Grayling at Smith & Morehouse? I didn't know they were at S&M. Anyone else ever caught grayling there?


----------



## Grandpa D

The Kamas Hatchery raises Grayling.
This is out of the 2009 Fish Stocking Report from the DWR.

SMITH-MOREHOUSE RES Summit GRAYLING ARCTIC 6237 2.49" 09/23/2009

So the answer is YES, the DWR does stock Grayling in Smith and Morehouse.


----------



## Kingfisher

interesting. never caught a grayling in S&M. never have seen a grayling there. i have heard rumors of kokes being contemplated as well. up till this past week i had never caught a tiger there as well. been fishing that pond for 30 years.... so, ya never know what may pop up.


----------



## tktmsa

Grayling was a good 10-12 incher, had a tiger that was 12-13 inches. 

One thing of note the Rainbows although small had what I'd call adult teeth. Took a couple home (cabin) but the stomach contents were inconclusive.

Anyone have an idea of what these little fishes could be growing on? Not a lot of food in that water. 

Also, there are brookies in the drainage anyone ever taken one out of the lake?


----------



## Chaser

There should be some cutts in there too. Most of the streams around that area have cutts in them, so I wouldn't be surprised to hear of a few making into the res. Pretty neat on the grayling. 11-12 inches is decent for a grayling.


----------



## tktmsa

Yeah I've caught the cutts up there and I'm seeing hybrids now and again.

Kokes would be interesting, if not for anything else but a forage base to feed the tigers. 

I've only see small leaches in with a brown hue for these things to munch on, surface insects would not keep these fish fed. 

I also heard of some mountain suckers are in the water, too bad there don't seem to be the little redside shiners in there like before they rebuilt the dam.


----------



## Grandpa D

tktmsa said:


> Yeah I've caught the cutts up there and I'm seeing hybrids now and again.
> 
> Kokes would be interesting, if not for anything else but a forage base to feed the tigers.
> 
> I've only see small leaches in with a brown hue for these things to munch on, surface insects would not keep these fish fed.
> 
> I also heard of some mountain suckers are in the water, too bad there don't seem to be the little redside shiners in there like before they rebuilt the dam.

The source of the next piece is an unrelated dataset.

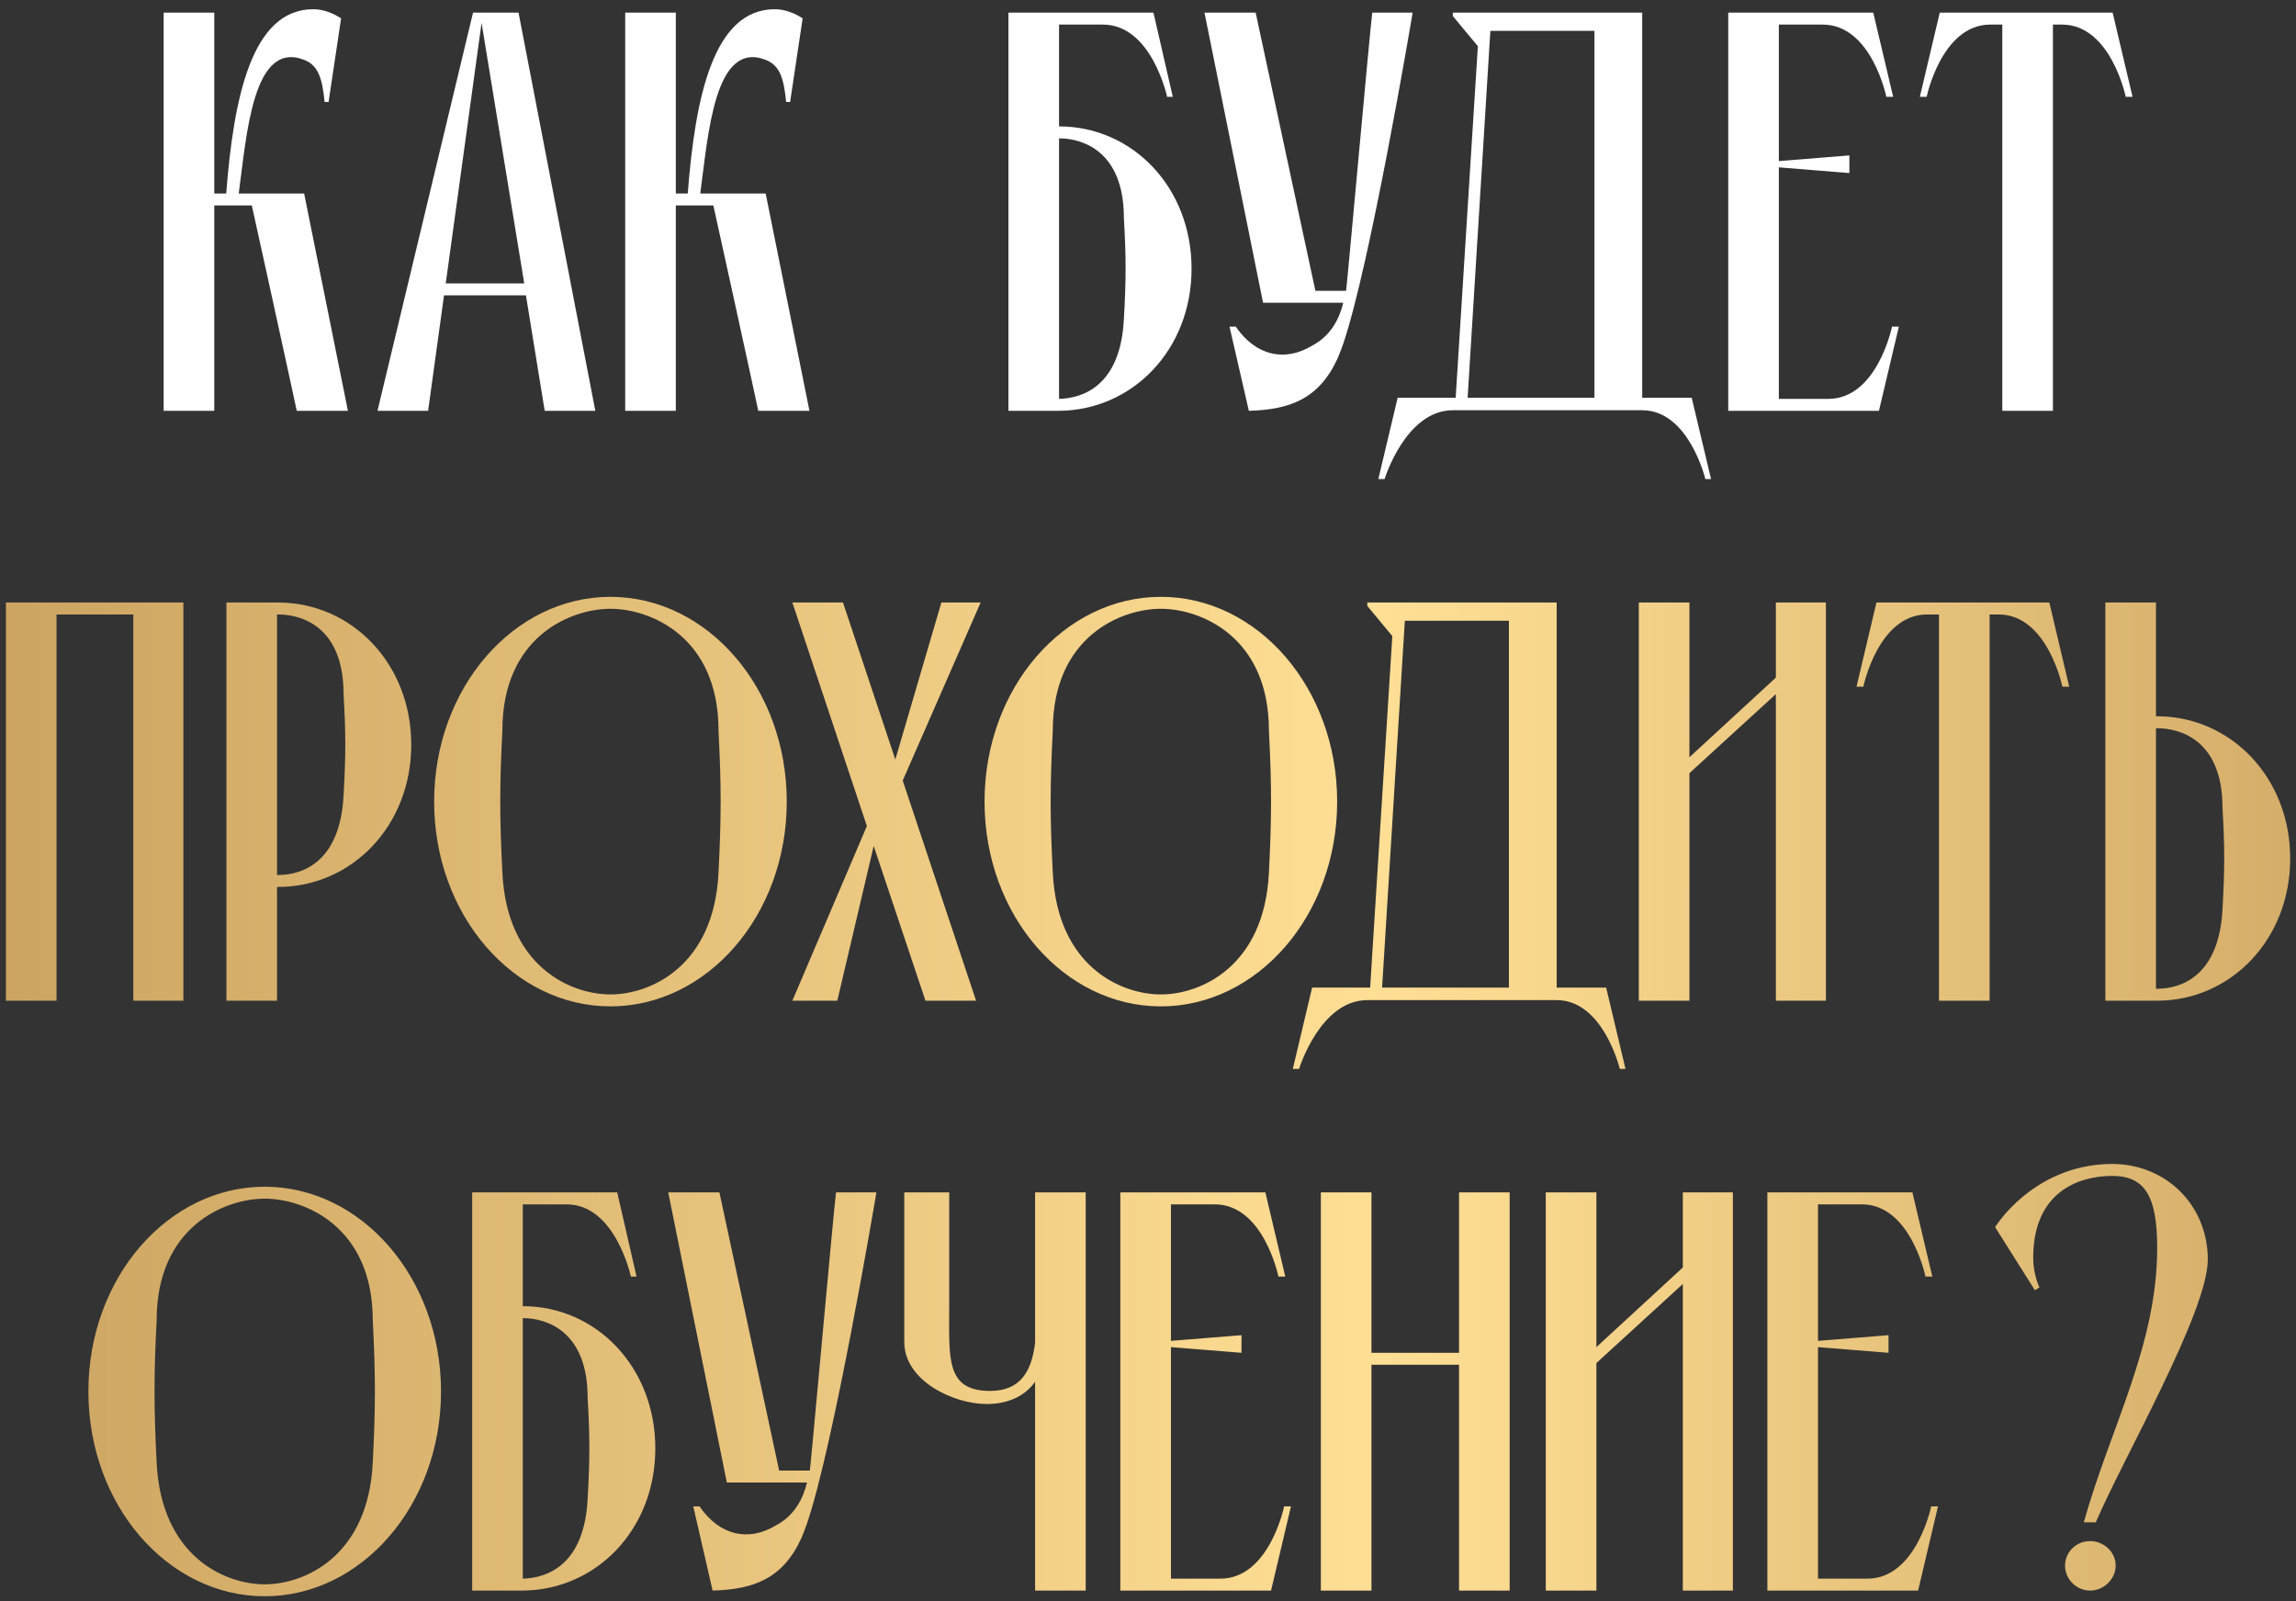 <?xml version="1.0" encoding="UTF-8"?> <svg xmlns="http://www.w3.org/2000/svg" width="218" height="152" viewBox="0 0 218 152" fill="none"><rect x="0" y="0" width="218" height="152" fill="#333333" stroke="none"/><path d="M15.539 39V1.2H20.345V18.372H21.479C22.181 9.246 23.909 0.876 29.741 0.876C30.713 0.876 31.631 1.254 32.387 1.74L31.199 9.678H30.821C30.605 7.572 30.281 6.222 28.877 5.682C24.017 3.792 23.423 12.756 22.667 18.372H28.877L33.035 39H28.175C28.175 39 26.663 31.98 25.421 26.364L23.909 19.506H20.345V39H15.539ZM40.648 39H35.842L44.914 1.2H49.234L56.524 39H51.718L49.936 28.038H42.16L40.648 39ZM49.774 26.904L45.724 2.172L42.322 26.904H49.774ZM59.361 39V1.2H64.167V18.372H65.301C66.003 9.246 67.731 0.876 73.563 0.876C74.535 0.876 75.453 1.254 76.209 1.74L75.021 9.678H74.643C74.427 7.572 74.103 6.222 72.699 5.682C67.839 3.792 67.245 12.756 66.489 18.372H72.699L76.857 39H71.997C71.997 39 70.485 31.98 69.243 26.364L67.731 19.506H64.167V39H59.361ZM106.71 30.306C106.926 26.526 106.926 24.42 106.71 20.694C106.71 14.376 102.822 13.134 100.554 13.134V37.866C102.822 37.812 106.386 36.624 106.71 30.306ZM113.136 25.5C113.136 33.222 107.52 38.946 100.554 39H95.748V1.2H109.518L111.354 9.192H110.814C110.814 9.192 109.356 2.334 104.712 2.334H100.554V12C107.52 12 113.136 17.778 113.136 25.5ZM130.293 1.2H134.127C133.965 2.172 130.077 25.176 127.539 32.628C127.377 33.114 126.999 34.032 126.999 34.032C125.217 37.92 122.409 38.892 118.575 39L116.739 31.008H117.333C119.223 33.762 121.977 34.41 124.623 32.79C126.459 31.818 127.215 30.09 127.539 28.74H119.925L114.363 1.2H119.223L124.893 27.606C125.109 27.606 127.161 27.606 127.809 27.606C127.917 26.904 130.077 2.82 130.293 1.2ZM139.347 37.758H151.389V2.928H141.507L139.347 37.758ZM155.925 37.758H160.623L162.459 45.48H161.919C161.919 45.48 160.353 38.946 155.925 38.946H137.943C133.461 38.946 131.463 45.48 131.463 45.48H130.869L132.705 37.758H138.213L140.319 4.386L137.943 1.524V1.2H155.925V37.758ZM179.644 31.008H180.292L178.402 39H164.092V1.2H177.862L179.752 9.192H179.104C179.104 9.192 177.7 2.334 173.056 2.334H168.898V15.294L175.594 14.754V16.428L168.898 15.888V37.866H173.596C178.24 37.866 179.644 31.008 179.644 31.008ZM190.115 39V2.334H188.927C184.337 2.388 182.933 9.192 182.933 9.192H182.285L184.175 1.2H200.591L202.481 9.192H201.833C201.833 9.192 200.429 2.388 195.839 2.334H194.921V39H190.115Z" fill="white"></path><path d="M0.562 95V57.2H17.41V95H12.658V58.334H5.368V95H0.562ZM32.622 75.506C32.838 71.726 32.838 69.62 32.622 65.894C32.622 59.522 28.68 58.334 26.412 58.334H26.304V83.066H26.412C28.68 83.066 32.298 81.878 32.622 75.506ZM26.304 57.2H26.412C33.378 57.2 39.048 62.978 39.048 70.7C39.048 78.422 33.378 84.2 26.412 84.2H26.304V95H21.498V57.2H26.304ZM57.961 56.66C67.141 56.66 74.701 65.3 74.701 76.1C74.701 86.9 67.141 95.54 57.961 95.54C48.781 95.54 41.221 86.9 41.221 76.1C41.221 65.3 48.781 56.66 57.961 56.66ZM57.961 94.406C61.74 94.406 67.788 91.76 68.221 82.85C68.49 77.558 68.49 74.588 68.221 69.35C68.221 60.44 61.74 57.794 57.961 57.794C54.181 57.794 47.7 60.44 47.7 69.35C47.431 74.588 47.431 77.558 47.7 82.85C48.133 91.76 54.181 94.406 57.961 94.406ZM75.234 57.2H80.04L85.008 72.104L89.382 57.2H93.108L85.71 74.102L92.676 95H87.87L82.956 80.312L79.5 95H75.234L82.308 78.422L75.234 57.2ZM110.22 56.66C119.4 56.66 126.96 65.3 126.96 76.1C126.96 86.9 119.4 95.54 110.22 95.54C101.04 95.54 93.48 86.9 93.48 76.1C93.48 65.3 101.04 56.66 110.22 56.66ZM110.22 94.406C114 94.406 120.048 91.76 120.48 82.85C120.75 77.558 120.75 74.588 120.48 69.35C120.48 60.44 114 57.794 110.22 57.794C106.44 57.794 99.96 60.44 99.96 69.35C99.69 74.588 99.69 77.558 99.96 82.85C100.392 91.76 106.44 94.406 110.22 94.406ZM131.226 93.758H143.268V58.928H133.386L131.226 93.758ZM147.804 93.758H152.502L154.338 101.48H153.798C153.798 101.48 152.232 94.946 147.804 94.946H129.822C125.34 94.946 123.342 101.48 123.342 101.48H122.748L124.584 93.758H130.092L132.198 60.386L129.822 57.524V57.2H147.804V93.758ZM168.615 57.2H173.367V95H168.615V65.894L160.407 73.4V95H155.601V57.2H160.407V71.888L168.615 64.328V57.2ZM184.103 95V58.334H182.915C178.325 58.388 176.921 65.192 176.921 65.192H176.273L178.163 57.2H194.579L196.469 65.192H195.821C195.821 65.192 194.417 58.388 189.827 58.334H188.909V95H184.103ZM204.704 69.134V93.866H204.812C207.08 93.866 210.698 92.678 211.022 86.306C211.238 82.526 211.238 80.42 211.022 76.694C211.022 70.322 207.08 69.134 204.812 69.134H204.704ZM204.812 95H199.898V57.2H204.704V68H204.812C211.778 68 217.448 73.778 217.448 81.5C217.448 89.222 211.778 95 204.812 95ZM25.133 112.66C34.313 112.66 41.873 121.3 41.873 132.1C41.873 142.9 34.313 151.54 25.133 151.54C15.953 151.54 8.393 142.9 8.393 132.1C8.393 121.3 15.953 112.66 25.133 112.66ZM25.133 150.406C28.913 150.406 34.961 147.76 35.393 138.85C35.663 133.558 35.663 130.588 35.393 125.35C35.393 116.44 28.913 113.794 25.133 113.794C21.353 113.794 14.873 116.44 14.873 125.35C14.603 130.588 14.603 133.558 14.873 138.85C15.305 147.76 21.353 150.406 25.133 150.406ZM55.795 142.306C56.011 138.526 56.011 136.42 55.795 132.694C55.795 126.376 51.907 125.134 49.639 125.134V149.866C51.907 149.812 55.471 148.624 55.795 142.306ZM62.221 137.5C62.221 145.222 56.605 150.946 49.639 151H44.833V113.2H58.603L60.439 121.192H59.899C59.899 121.192 58.441 114.334 53.797 114.334H49.639V124C56.605 124 62.221 129.778 62.221 137.5ZM79.378 113.2H83.212C83.05 114.172 79.162 137.176 76.624 144.628C76.462 145.114 76.084 146.032 76.084 146.032C74.302 149.92 71.494 150.892 67.66 151L65.824 143.008H66.418C68.308 145.762 71.062 146.41 73.708 144.79C75.544 143.818 76.3 142.09 76.624 140.74H69.01L63.448 113.2H68.308L73.978 139.606C74.194 139.606 76.246 139.606 76.894 139.606C77.002 138.904 79.162 114.82 79.378 113.2ZM103.086 113.2V151H98.28V131.182C97.2 132.694 95.472 133.288 93.69 133.288C90.504 133.288 85.86 131.074 85.86 127.402V113.2H90.126V123.946C90.126 128.914 89.748 132.046 94.014 132.046C96.876 132.046 97.956 130.21 98.28 127.456V113.2H103.086ZM121.926 143.008H122.574L120.684 151H106.374V113.2H120.144L122.034 121.192H121.386C121.386 121.192 119.982 114.334 115.338 114.334H111.18V127.294L117.876 126.754V128.428L111.18 127.888V149.866H115.878C120.522 149.866 121.926 143.008 121.926 143.008ZM125.411 151V113.2H130.217V128.428H138.533V113.2H143.339V151H138.533V129.562H130.217V151H125.411ZM159.782 113.2H164.534V151H159.782V121.894L151.574 129.4V151H146.768V113.2H151.574V127.888L159.782 120.328V113.2ZM183.361 143.008H184.009L182.119 151H167.809V113.2H181.579L183.469 121.192H182.821C182.821 121.192 181.417 114.334 176.773 114.334H172.615V127.294L179.311 126.754V128.428L172.615 127.888V149.866H177.313C181.957 149.866 183.361 143.008 183.361 143.008ZM197.854 144.52C200.338 135.61 204.82 127.726 204.82 118.492C204.82 113.686 203.74 111.634 200.554 111.634C197.368 111.634 193.048 113.146 193.048 119.41C193.048 120.49 193.318 121.516 193.642 122.218L193.21 122.488L189.43 116.494C190.888 114.28 194.668 110.5 200.554 110.5C205.63 110.5 209.626 114.388 209.626 119.572C209.626 124.54 201.58 138.472 198.988 144.52H197.854ZM200.878 148.624C200.878 147.328 199.744 146.302 198.448 146.302C197.152 146.302 196.072 147.328 196.072 148.624C196.072 149.92 197.152 151 198.448 151C199.744 151 200.878 149.92 200.878 148.624Z" fill="url(#paint0_linear_2002_612)"></path><defs><linearGradient id="paint0_linear_2002_612" x1="-51" y1="76" x2="269" y2="76" gradientUnits="userSpaceOnUse"><stop offset="0.02" stop-color="#BB9050"></stop><stop offset="0.57" stop-color="#FFDF95"></stop><stop offset="1" stop-color="#BB9050"></stop></linearGradient></defs></svg>

Now don't go giving someone any ideas!


----------



## bossloader

so i will be up there on friday morn wondering if the little water holes in the creek as you drive up the road hold anything? and i dont have a boat so i am wondering what color bait might be usefull.


----------



## Chaser

Yeah, they hold fish, but a lot of that stream runs through private property, and is off limits. It won't be any good right now anyway though...too blown out with run-off.


----------